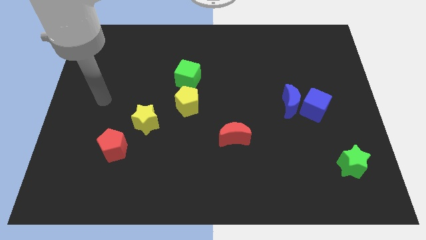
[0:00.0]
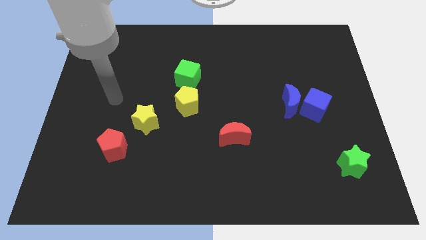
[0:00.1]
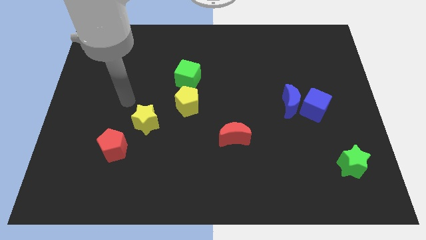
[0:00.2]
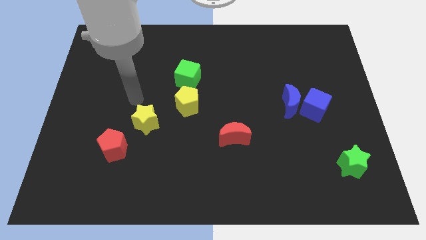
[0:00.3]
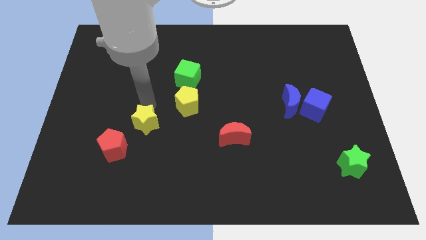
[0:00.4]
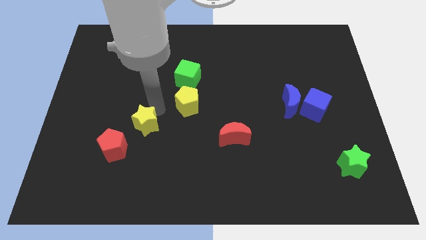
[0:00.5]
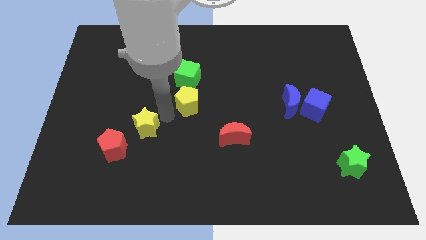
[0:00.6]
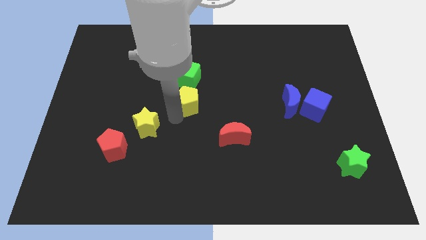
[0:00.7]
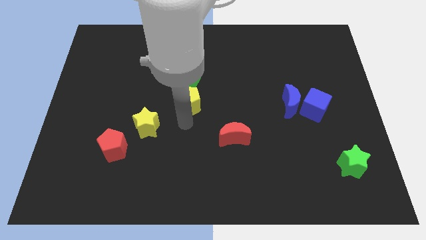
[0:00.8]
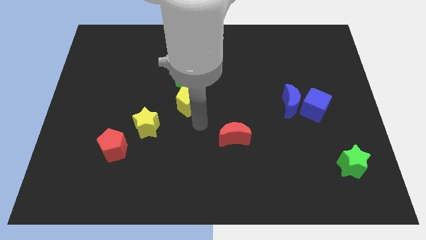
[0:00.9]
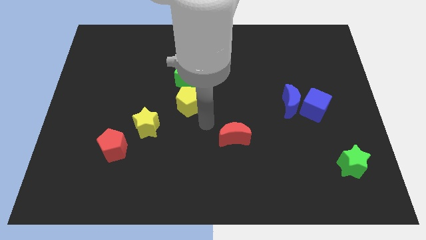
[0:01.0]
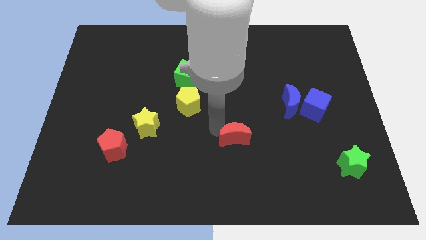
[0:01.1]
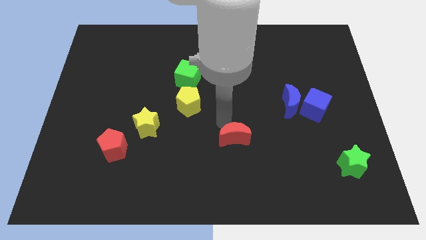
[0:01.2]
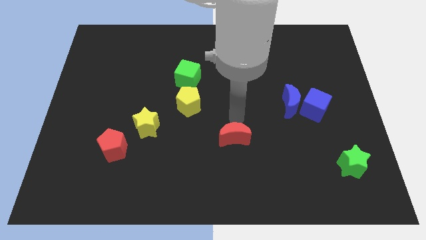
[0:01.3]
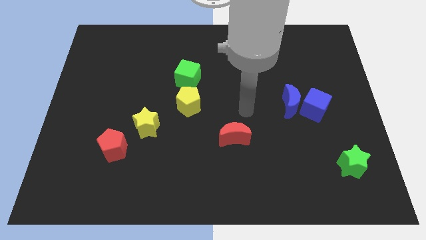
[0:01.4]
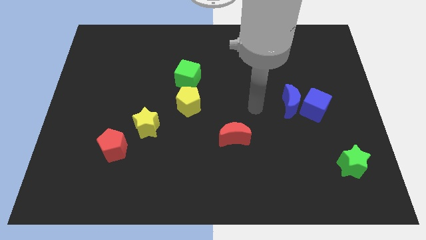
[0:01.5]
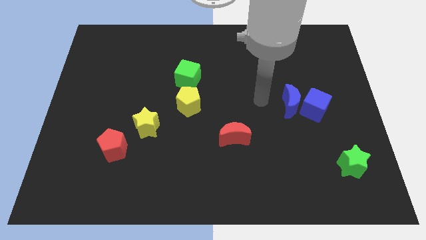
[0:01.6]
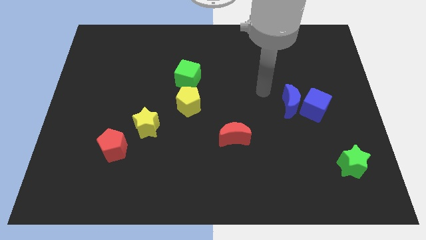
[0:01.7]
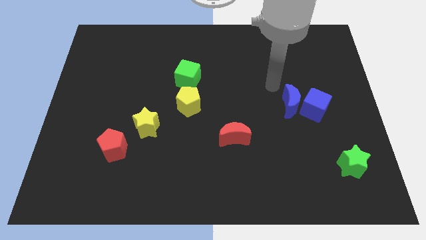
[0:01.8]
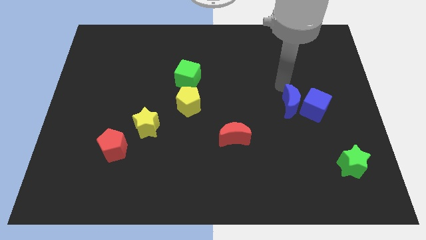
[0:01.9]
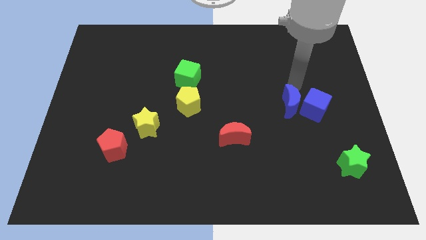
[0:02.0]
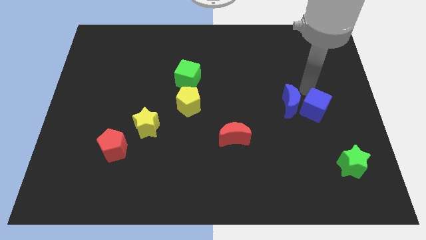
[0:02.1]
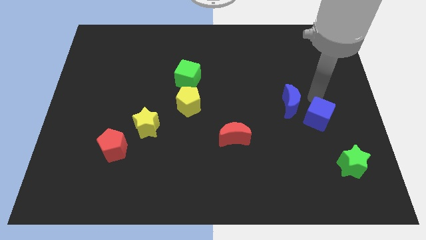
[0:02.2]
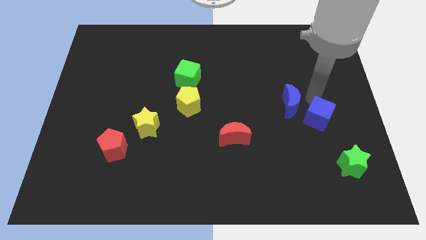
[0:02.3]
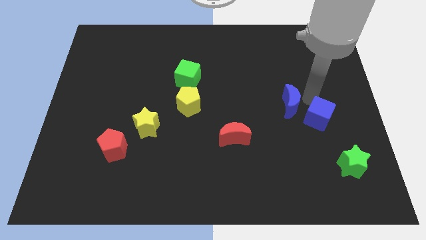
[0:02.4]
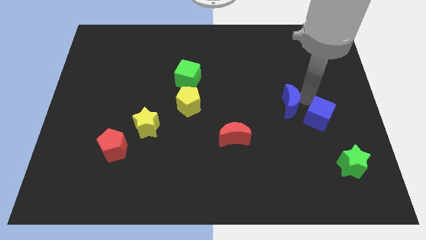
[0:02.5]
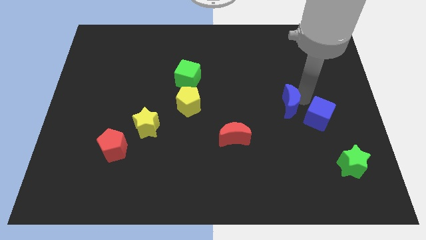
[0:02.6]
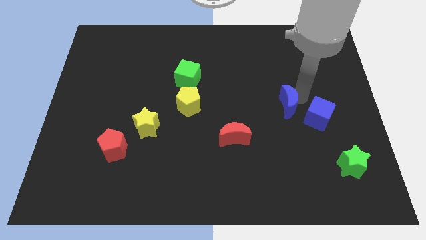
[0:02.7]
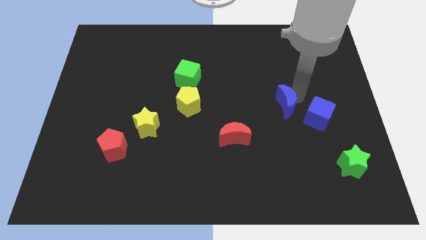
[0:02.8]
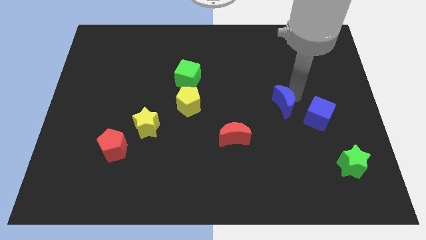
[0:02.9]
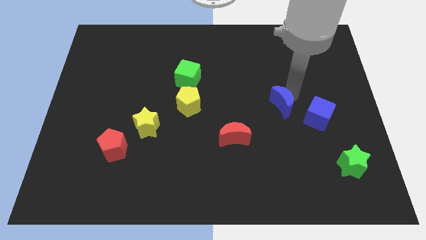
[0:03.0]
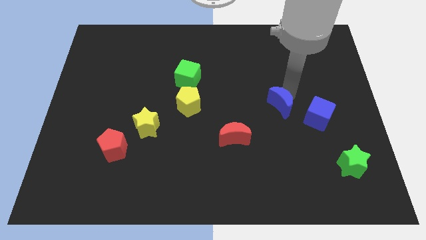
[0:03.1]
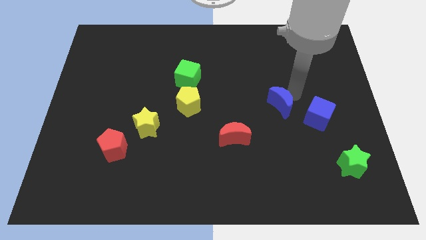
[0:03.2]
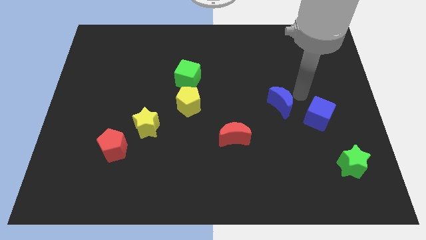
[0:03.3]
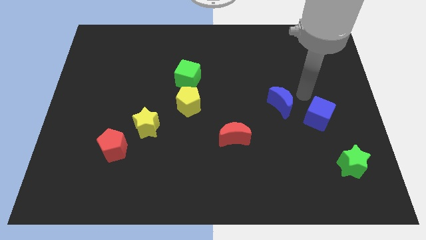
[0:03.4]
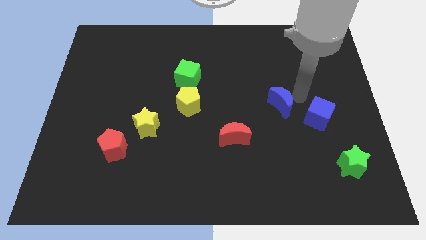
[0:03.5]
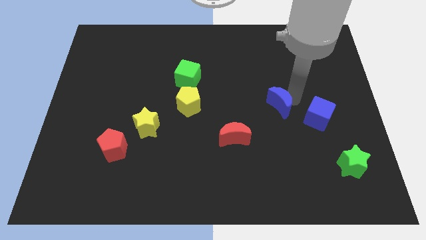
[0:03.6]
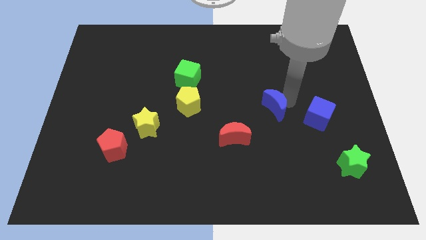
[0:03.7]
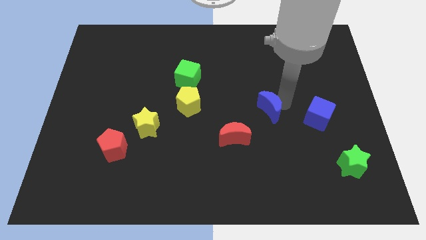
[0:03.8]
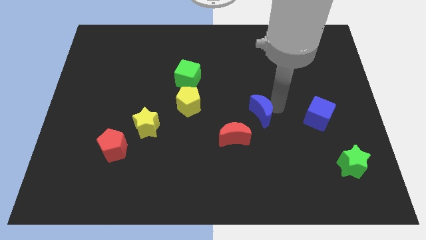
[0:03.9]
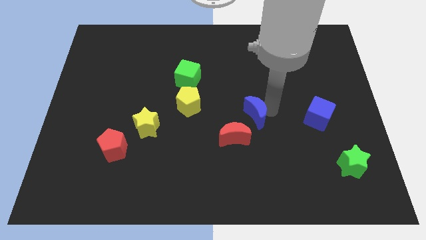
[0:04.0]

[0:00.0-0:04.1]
# # #
Work request: Could you reproduce every record above exactly, leaving out any pictures?

Finished exercise:
[0:00.0]
[0:00.1]
[0:00.2]
[0:00.3]
[0:00.4]
[0:00.5]
[0:00.6]
[0:00.7]
[0:00.8]
[0:00.9]
[0:01.0]
[0:01.1]
[0:01.2]
[0:01.3]
[0:01.4]
[0:01.5]
[0:01.6]
[0:01.7]
[0:01.8]
[0:01.9]
[0:02.0]
[0:02.1]
[0:02.2]
[0:02.3]
[0:02.4]
[0:02.5]
[0:02.6]
[0:02.7]
[0:02.8]
[0:02.9]
[0:03.0]
[0:03.1]
[0:03.2]
[0:03.3]
[0:03.4]
[0:03.5]
[0:03.6]
[0:03.7]
[0:03.8]
[0:03.9]
[0:04.0]

[0:00.0-0:04.1]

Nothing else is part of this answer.